The Illusion of Saving
Bob McTeer, former Dallas Fed President, has this to say about the increase in savings reported in the last income and spending reports:
What happened in May was that the government increased its budget deficit (increased negative saving), borrowed the money, and paid it to individuals as part of the stimulus package. Since individuals saved less than 100 percent of their higher income, they added less to saving than the government subtracted from it.
Assuming no offsetting increase in business saving, the national saving rate declined in May. Chances are, however, that business saving declined as well. If so, the decline in national saving was even greater.
A decline in national saving will necessarily be matched by a decline in national investment if it isn’t made up by more saving imported from abroad. We import foreign saving by running a larger current account deficit, which requires an equally larger capital inflow to finance it. For many years now, we’ve had to supplement domestic saving with foreign saving to finance domestic investment. This runs up our total debt owned by foreigners and increases the burden of servicing that debt in the future.

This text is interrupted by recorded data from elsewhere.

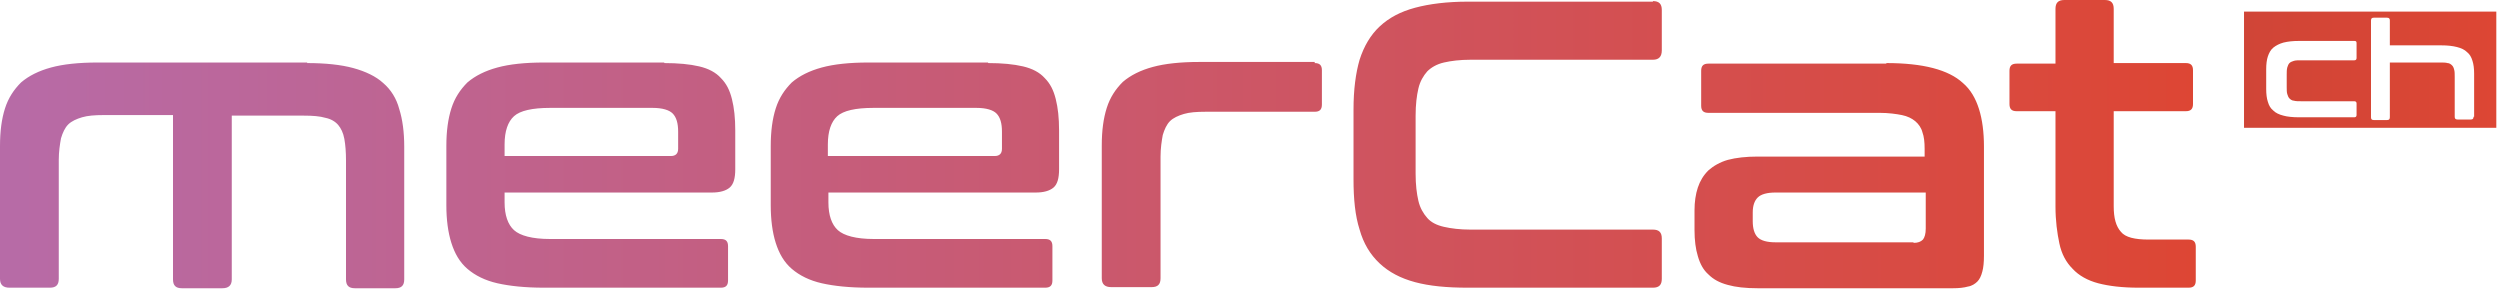 <svg width="175" height="21" viewBox="0 0 175 21" fill="none" xmlns="http://www.w3.org/2000/svg">
<path d="M21.503 4.415C22.784 4.415 23.871 4.531 24.725 4.763C25.579 4.996 26.316 5.344 26.821 5.809C27.364 6.274 27.752 6.893 27.946 7.629C28.179 8.365 28.296 9.256 28.296 10.263V19.557C28.296 19.983 28.102 20.177 27.675 20.177H24.841C24.414 20.177 24.22 19.983 24.22 19.557V11.231C24.22 10.65 24.181 10.146 24.104 9.72C24.026 9.294 23.871 8.985 23.677 8.752C23.483 8.52 23.172 8.326 22.784 8.249C22.396 8.133 21.891 8.094 21.27 8.094H16.224V19.557C16.224 19.983 15.992 20.177 15.565 20.177H12.731C12.304 20.177 12.11 19.983 12.11 19.557V8.055H7.258C6.637 8.055 6.133 8.094 5.745 8.21C5.356 8.326 5.007 8.481 4.774 8.713C4.541 8.946 4.386 9.294 4.27 9.682C4.192 10.108 4.114 10.611 4.114 11.192V19.518C4.114 19.944 3.92 20.138 3.493 20.138H0.66C0.233 20.138 0 19.944 0 19.518V10.224C0 9.178 0.116 8.326 0.349 7.59C0.582 6.855 0.97 6.274 1.475 5.77C2.018 5.306 2.717 4.957 3.571 4.725C4.425 4.492 5.512 4.376 6.831 4.376H21.503V4.415ZM46.499 4.415C47.47 4.415 48.285 4.492 48.945 4.647C49.605 4.802 50.109 5.073 50.459 5.46C50.847 5.848 51.08 6.312 51.235 6.932C51.39 7.552 51.468 8.249 51.468 9.139V11.85C51.468 12.47 51.351 12.896 51.08 13.128C50.808 13.361 50.381 13.477 49.837 13.477H35.321V14.174C35.321 15.065 35.554 15.723 35.981 16.11C36.408 16.498 37.262 16.73 38.504 16.73H50.459C50.808 16.73 50.963 16.885 50.963 17.233V19.634C50.963 19.983 50.808 20.138 50.459 20.138H38.077C36.757 20.138 35.67 20.022 34.816 19.828C33.962 19.634 33.264 19.286 32.72 18.821C32.177 18.356 31.828 17.737 31.595 17.001C31.362 16.265 31.245 15.374 31.245 14.368V10.224C31.245 9.178 31.362 8.326 31.595 7.59C31.828 6.855 32.216 6.274 32.72 5.77C33.264 5.306 33.962 4.957 34.816 4.725C35.67 4.492 36.757 4.376 38.077 4.376H46.499V4.415ZM35.321 10.921H46.965C47.276 10.921 47.47 10.766 47.47 10.418V9.217C47.47 8.636 47.353 8.21 47.082 7.939C46.849 7.707 46.383 7.552 45.684 7.552H38.504C37.262 7.552 36.408 7.745 35.981 8.133C35.554 8.52 35.321 9.178 35.321 10.108V10.921ZM69.167 4.415C70.137 4.415 70.952 4.492 71.612 4.647C72.272 4.802 72.777 5.073 73.126 5.46C73.514 5.848 73.747 6.312 73.902 6.932C74.058 7.552 74.135 8.249 74.135 9.139V11.85C74.135 12.47 74.019 12.896 73.747 13.128C73.475 13.361 73.048 13.477 72.505 13.477H57.989V14.174C57.989 15.065 58.221 15.723 58.648 16.11C59.075 16.498 59.929 16.73 61.171 16.73H73.165C73.514 16.73 73.669 16.885 73.669 17.233V19.634C73.669 19.983 73.514 20.138 73.165 20.138H60.783C59.463 20.138 58.377 20.022 57.523 19.828C56.669 19.634 55.97 19.286 55.427 18.821C54.883 18.356 54.534 17.737 54.301 17.001C54.068 16.265 53.952 15.374 53.952 14.368V10.224C53.952 9.178 54.068 8.326 54.301 7.59C54.534 6.855 54.922 6.274 55.427 5.77C55.97 5.306 56.669 4.957 57.523 4.725C58.377 4.492 59.463 4.376 60.783 4.376H69.167V4.415ZM57.989 10.921H69.633C69.943 10.921 70.137 10.766 70.137 10.418V9.217C70.137 8.636 70.021 8.21 69.749 7.939C69.516 7.707 69.05 7.552 68.352 7.552H61.132C59.89 7.552 59.036 7.745 58.609 8.133C58.183 8.52 57.95 9.178 57.95 10.108V10.921H57.989ZM92.029 4.415C92.378 4.415 92.533 4.57 92.533 4.918V7.319C92.533 7.668 92.378 7.823 92.029 7.823H84.382C83.761 7.823 83.257 7.862 82.868 7.978C82.48 8.094 82.131 8.249 81.898 8.481C81.665 8.713 81.51 9.062 81.394 9.449C81.316 9.875 81.238 10.379 81.238 10.96V19.48C81.238 19.905 81.044 20.099 80.617 20.099H77.784C77.357 20.099 77.124 19.905 77.124 19.48V10.185C77.124 9.139 77.24 8.288 77.473 7.552C77.706 6.816 78.094 6.235 78.599 5.732C79.142 5.267 79.841 4.918 80.695 4.686C81.549 4.454 82.635 4.337 83.955 4.337H92.029V4.415ZM115.705 0.077C116.132 0.077 116.326 0.271 116.326 0.697V3.524C116.326 3.95 116.132 4.182 115.705 4.182H102.935C102.198 4.182 101.577 4.26 101.072 4.376C100.568 4.492 100.18 4.725 99.908 4.996C99.636 5.306 99.403 5.693 99.287 6.196C99.17 6.7 99.093 7.319 99.093 8.094V12.16C99.093 12.935 99.17 13.554 99.287 14.058C99.403 14.561 99.636 14.948 99.908 15.258C100.18 15.568 100.568 15.762 101.072 15.878C101.577 15.994 102.198 16.072 102.935 16.072H115.705C116.132 16.072 116.326 16.265 116.326 16.691V19.518C116.326 19.944 116.132 20.138 115.705 20.138H102.741C101.266 20.138 100.063 20.022 99.054 19.751C98.045 19.48 97.23 19.053 96.57 18.434C95.91 17.814 95.444 17.04 95.172 16.072C94.862 15.103 94.746 13.942 94.746 12.547V7.668C94.746 6.274 94.901 5.112 95.172 4.182C95.483 3.214 95.949 2.44 96.57 1.859C97.23 1.239 98.045 0.813 99.054 0.542C100.063 0.271 101.305 0.116 102.741 0.116H115.705V0.077ZM132.046 4.415C133.327 4.415 134.414 4.531 135.306 4.763C136.199 4.996 136.898 5.344 137.402 5.809C137.946 6.274 138.295 6.893 138.528 7.629C138.761 8.365 138.877 9.256 138.877 10.263V17.892C138.877 18.356 138.839 18.744 138.761 19.015C138.683 19.325 138.567 19.557 138.412 19.712C138.256 19.867 138.023 20.022 137.752 20.06C137.48 20.138 137.131 20.177 136.704 20.177H123.041C122.187 20.177 121.489 20.099 120.945 19.944C120.363 19.789 119.936 19.557 119.587 19.208C119.237 18.899 119.004 18.473 118.849 17.93C118.694 17.427 118.616 16.807 118.616 16.11V14.716C118.616 14.135 118.694 13.593 118.849 13.128C119.004 12.664 119.237 12.276 119.587 11.928C119.936 11.618 120.402 11.347 120.945 11.192C121.527 11.037 122.226 10.96 123.041 10.96H134.724V10.418C134.724 9.953 134.685 9.565 134.569 9.256C134.491 8.946 134.297 8.675 134.064 8.481C133.832 8.288 133.521 8.133 133.133 8.055C132.745 7.978 132.201 7.9 131.58 7.9H119.587C119.237 7.9 119.082 7.745 119.082 7.397V4.957C119.082 4.608 119.237 4.454 119.587 4.454H132.046V4.415ZM133.948 17.001C134.258 17.001 134.453 16.924 134.608 16.769C134.724 16.614 134.802 16.381 134.802 15.994V13.477H124.283C123.701 13.477 123.274 13.593 123.041 13.825C122.808 14.058 122.692 14.406 122.692 14.871V15.491C122.692 15.994 122.808 16.381 123.041 16.614C123.274 16.846 123.701 16.962 124.283 16.962H133.948V17.001ZM143.884 4.415V0.62C143.884 0.194 144.078 0 144.505 0H147.339C147.766 0 147.96 0.194 147.96 0.62V4.415H153.006C153.355 4.415 153.51 4.57 153.51 4.918V7.281C153.51 7.629 153.355 7.784 153.006 7.784H147.96V14.445C147.96 15.258 148.115 15.839 148.464 16.227C148.775 16.614 149.435 16.769 150.405 16.769H153.2C153.549 16.769 153.704 16.924 153.704 17.272V19.634C153.704 19.983 153.549 20.138 153.2 20.138H149.707C148.542 20.138 147.611 20.022 146.873 19.828C146.136 19.634 145.515 19.286 145.088 18.821C144.622 18.356 144.311 17.776 144.156 17.04C144.001 16.304 143.884 15.452 143.884 14.445V7.784H141.167C140.818 7.784 140.663 7.629 140.663 7.281V4.957C140.663 4.608 140.818 4.454 141.167 4.454H143.884V4.415Z" fill="url(#paint0_linear_292_265)"/>
<path d="M157.081 0.813V8.946H174.742V0.813H157.081ZM164.96 4.066C164.96 4.182 164.883 4.221 164.805 4.221H161.079C160.885 4.221 160.691 4.221 160.574 4.26C160.458 4.298 160.341 4.337 160.264 4.415C160.186 4.492 160.147 4.608 160.109 4.724C160.07 4.879 160.07 5.034 160.07 5.228V6.08C160.07 6.273 160.07 6.467 160.109 6.583C160.147 6.699 160.186 6.816 160.264 6.893C160.341 6.971 160.458 7.048 160.574 7.048C160.691 7.087 160.885 7.087 161.079 7.087H164.805C164.922 7.087 164.96 7.164 164.96 7.242V8.055C164.96 8.171 164.883 8.21 164.805 8.21H160.924C160.497 8.21 160.109 8.171 159.837 8.094C159.526 8.016 159.293 7.9 159.138 7.745C158.944 7.59 158.828 7.397 158.75 7.125C158.672 6.893 158.634 6.583 158.634 6.235V4.841C158.634 4.492 158.672 4.182 158.75 3.95C158.828 3.717 158.944 3.485 159.138 3.33C159.332 3.175 159.565 3.059 159.837 2.982C160.147 2.904 160.497 2.866 160.924 2.866H164.805C164.922 2.866 164.96 2.904 164.96 3.02V4.066ZM173.15 8.171C173.15 8.326 173.073 8.365 172.956 8.365H172.025C171.869 8.365 171.83 8.287 171.83 8.171V5.383C171.83 5.189 171.83 4.995 171.792 4.879C171.753 4.724 171.714 4.647 171.636 4.569C171.559 4.492 171.442 4.415 171.326 4.415C171.209 4.376 171.015 4.376 170.821 4.376H167.289V8.21C167.289 8.365 167.212 8.403 167.095 8.403H166.164C166.008 8.403 165.97 8.326 165.97 8.21V1.433C165.97 1.278 166.047 1.239 166.164 1.239H167.095C167.25 1.239 167.289 1.316 167.289 1.433V3.175H170.899C171.326 3.175 171.675 3.214 171.986 3.292C172.296 3.369 172.529 3.485 172.684 3.64C172.878 3.795 172.995 3.989 173.073 4.26C173.15 4.492 173.189 4.802 173.189 5.15V8.171H173.15Z" fill="url(#paint1_linear_292_265)"/>
<defs>
<linearGradient id="paint0_linear_292_265" x1="0" y1="10.085" x2="153.726" y2="10.085" gradientUnits="userSpaceOnUse">
<stop stop-color="#B76BA7"/>
<stop offset="1" stop-color="#DD4634"/>
</linearGradient>
<linearGradient id="paint1_linear_292_265" x1="157.094" y1="4.862" x2="174.772" y2="4.862" gradientUnits="userSpaceOnUse">
<stop stop-color="#D04537"/>
<stop offset="1" stop-color="#DD4634"/>
</linearGradient>
</defs>
</svg>

I’m sorry, but borrowing the money to save doesn’t work.
I made a similar observation in my last economic outlook (available to subscribers):
While savings at the individual level is rising out of necessity, the increase in the government deficit is offsetting the savings of the private sector. It is national savings, including the government, that needs to rise so we can build up the capital needed for the next expansion. While Fed policy is probably appropriate at this time to prevent a destructive deflation, fiscal policy is shaping a recovery that once again will not be sustainable.
We cannot borrow our way out of a mess caused by too much debt. While the Fed seems to be engineering a short term recovery, savings and investment are the fuel for future, non inflationary growth. Unless the government stops offsetting the positive effects of private saving, any recovery will be unsustainable.